See the [CLI documentation](https://tyberiusprime.github.io/fastqrab/main/docs/reference/cli/) for more details.

### Container image

A ready-to-run OCI image is published with each tag at `ghcr.io/tyberiusprime/fastqrab`.

```bash
# Docker
docker pull ghcr.io/tyberiusprime/fastqrab:latest
docker run --rm ghcr.io/tyberiusprime/fastqrab:latest --help

# Podman
podman pull ghcr.io/tyberiusprime/fastqrab:latest
podman run --rm ghcr.io/tyberiusprime/fastqrab:latest --help
```

Mount your working directory to feed a pipeline configuration:

```bash
docker run --rm -v "$(pwd)":/work ghcr.io/tyberiusprime/fastqrab:latest process input.toml
```

## Usage

Refer to the [full documentation](https://tyberiusprime.github.io/fastqrab/) or the
binaries help page (shown when run without arguments) for details.

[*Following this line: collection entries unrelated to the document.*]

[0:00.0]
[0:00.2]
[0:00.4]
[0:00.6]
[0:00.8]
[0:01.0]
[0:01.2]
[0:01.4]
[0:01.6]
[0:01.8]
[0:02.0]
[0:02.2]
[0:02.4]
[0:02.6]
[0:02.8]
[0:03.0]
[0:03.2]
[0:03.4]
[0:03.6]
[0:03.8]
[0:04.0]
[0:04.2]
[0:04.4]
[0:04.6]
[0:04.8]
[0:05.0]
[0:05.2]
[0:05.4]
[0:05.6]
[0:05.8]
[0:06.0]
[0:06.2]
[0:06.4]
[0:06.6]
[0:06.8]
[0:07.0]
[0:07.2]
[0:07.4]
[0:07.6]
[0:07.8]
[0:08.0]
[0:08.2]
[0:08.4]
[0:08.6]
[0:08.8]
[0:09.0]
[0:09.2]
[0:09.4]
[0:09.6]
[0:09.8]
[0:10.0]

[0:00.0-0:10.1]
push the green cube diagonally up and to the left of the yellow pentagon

CLI: `fastqrab process input.toml`

We use a [TOML](https://toml.io/en/) file for configuration,
because command lines are too limited and prone to misunderstandings.

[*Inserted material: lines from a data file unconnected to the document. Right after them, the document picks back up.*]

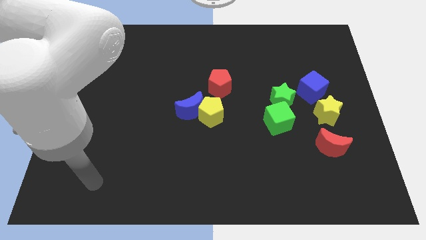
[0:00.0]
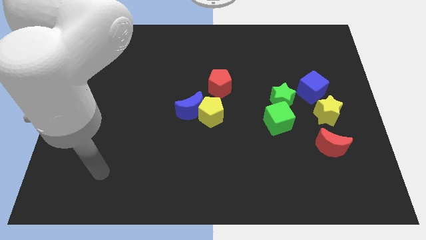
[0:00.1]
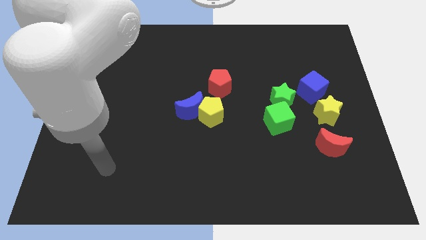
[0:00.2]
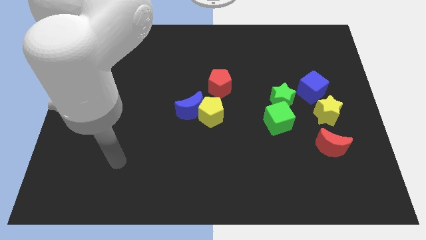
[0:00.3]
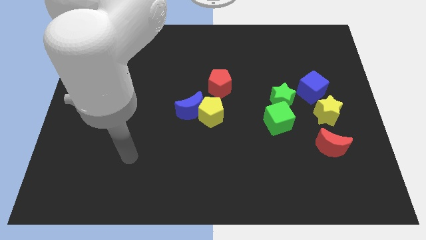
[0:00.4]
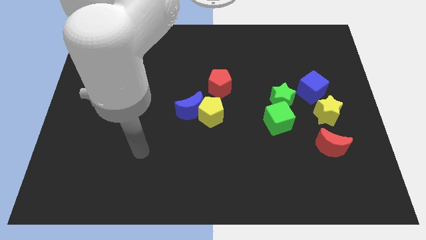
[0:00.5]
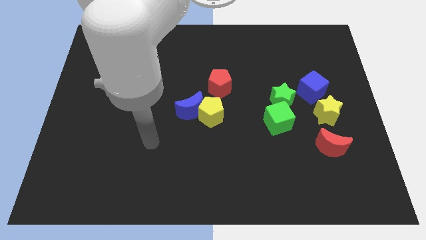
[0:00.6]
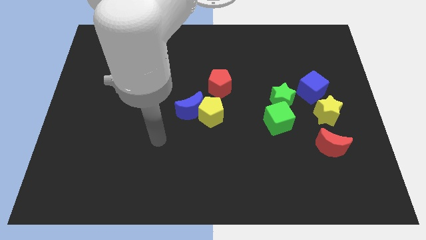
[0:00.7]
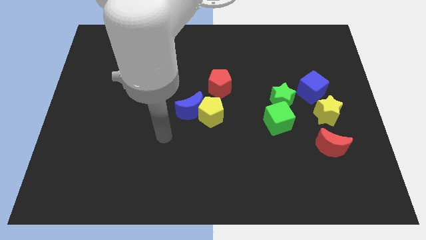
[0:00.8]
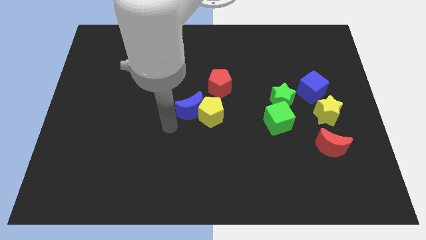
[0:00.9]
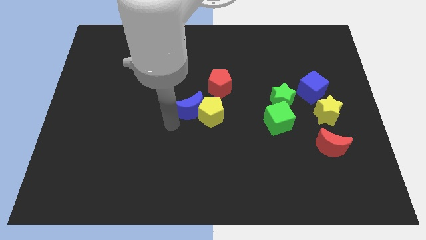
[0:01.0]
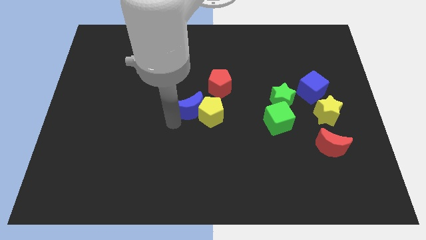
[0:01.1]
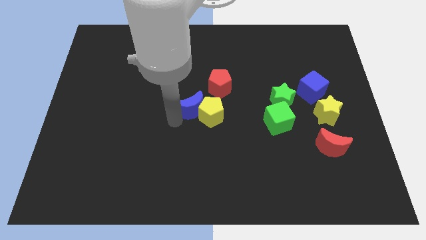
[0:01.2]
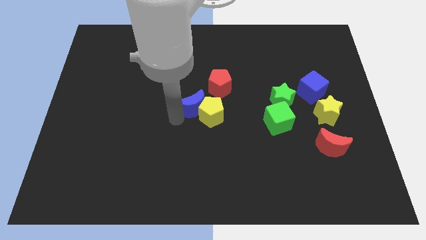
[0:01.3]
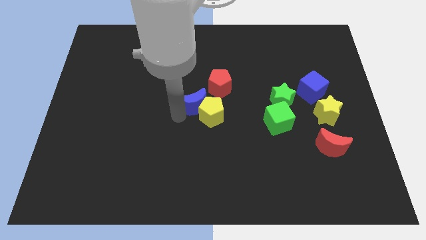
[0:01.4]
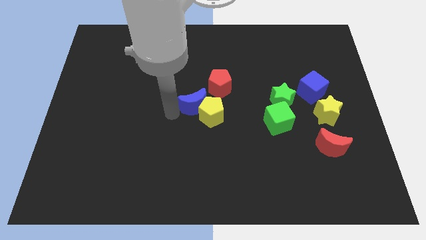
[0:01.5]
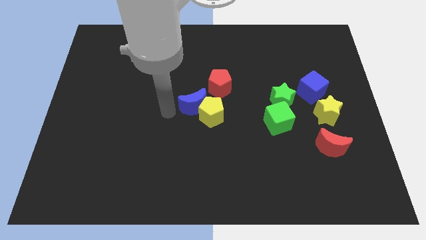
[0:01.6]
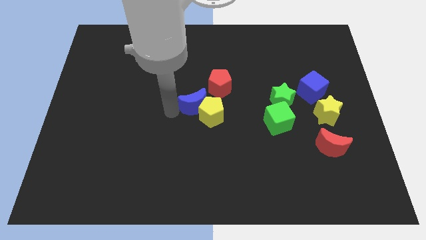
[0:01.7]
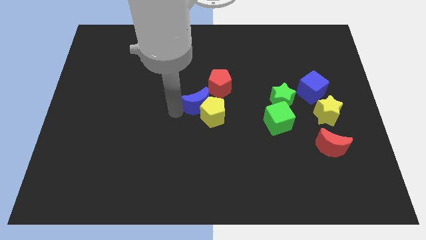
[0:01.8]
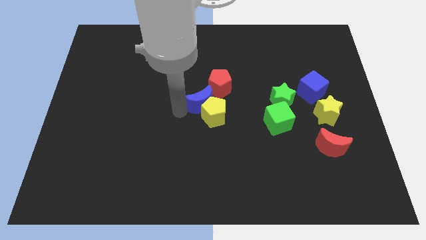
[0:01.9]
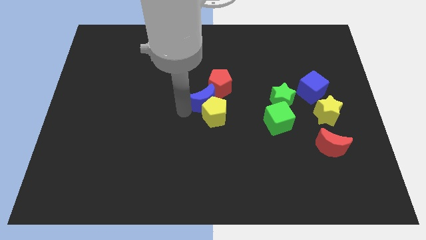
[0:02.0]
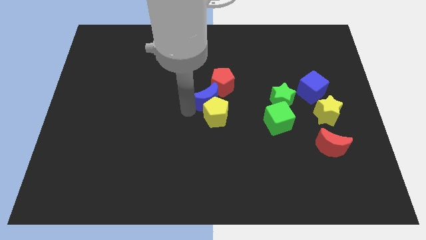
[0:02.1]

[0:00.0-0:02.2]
slide the blue moon to the top right of the yellow pentagon

And you should be writing down what you are doing anyway.

Here's a brief example:

```toml
[input]
    # supports multiple input files.
    # in at least three autodetected formats.
    read1 = ['fileA_1.fastq', 'fileB_1.fastq.gz', 'fileC_1.fastq.zstd']
    read2 = ['fileA_2.fastq', 'fileB_2.fastq.gz', 'fileC_2.fastq.zstd']
    index1 = ['index1_A.fastq', 'index1_B.fastq.gz', 'index1_C.fastq.zstd']
    index2 = ['index2_A.fastq', 'index2_B.fastq.gz', 'index2_C.fastq.zstd']


[[step]]
    # we can do a flexible report at any point in the pipeline
    # filename is output.(html|json)
    action = 'Report'
    name = "initial"
    duplicate_count_per_read = true
    count = true
    base_statistics = true

[[step]]
    # take the first five thousand reads
    action = "Head"
    n = 5000

[[step]]
    # extract UMI 
    action = "ExtractRegions"
    out_label = "region"
    # the umi is the first 8 bases of read1
    regions = [{source = 'read1', start = 0, length = 8, anchor="Start"}]

[[step]]
    #and place it in the read name
    action = "StoreTagInComment"
    in_label = "region"

[[step]]
    # now remove the UMI from the read sequence
    action = "CutStart"
    segment = 'read1'
    n = 8

[[step]]
    action = "Report"
    count = true # include read counts
    name = "post_filter"

[output]
    #generates output_1.fq and output_2.fq. For index reads see below.
    prefix = "output"
    # uncompressed. Suffix is determined from format
    format = "FASTQ"
    compression = "Raw"

    report_json = true
    report_html = true
```

### Canonical template

The repository ships an authoritative configuration scaffold at [`src/template.toml`](src/template.toml).
When prompting an LLM or drafting a new pipeline, point it to that file so it can reference
the full set of supported sections, comments, and examples.

### Cookbooks

Looking for practical examples? Check out the [`cookbooks/`](cookbooks/) directory for complete,
runnable examples demonstrating common use cases, or [visit them in the documentation](https://tyberiusprime.github.io/fastqrab/main/docs/how-to/cookbooks/):

- **Basic Quality Report** - Generate comprehensive quality metrics from FastQ files
- **UMI Extraction** - Extract and handle Unique Molecular Identifiers
- And many more...

Each cookbook includes:
- Sample input data
- Fully documented configuration files
- Expected output for verification
- Detailed README explaining the use case

Run any cookbook with:
```bash
git clone https://github.com/tyberiusprime/fastqrab
cd cookbooks/[cookbook-name]
fastqrab process input.toml
```

## Citations

A manuscript is being drafted.


## Contributions

PR's welcome.

If at any point you find the tool not doing what you expected it to,
please open an issue so we can discuss how to improve it!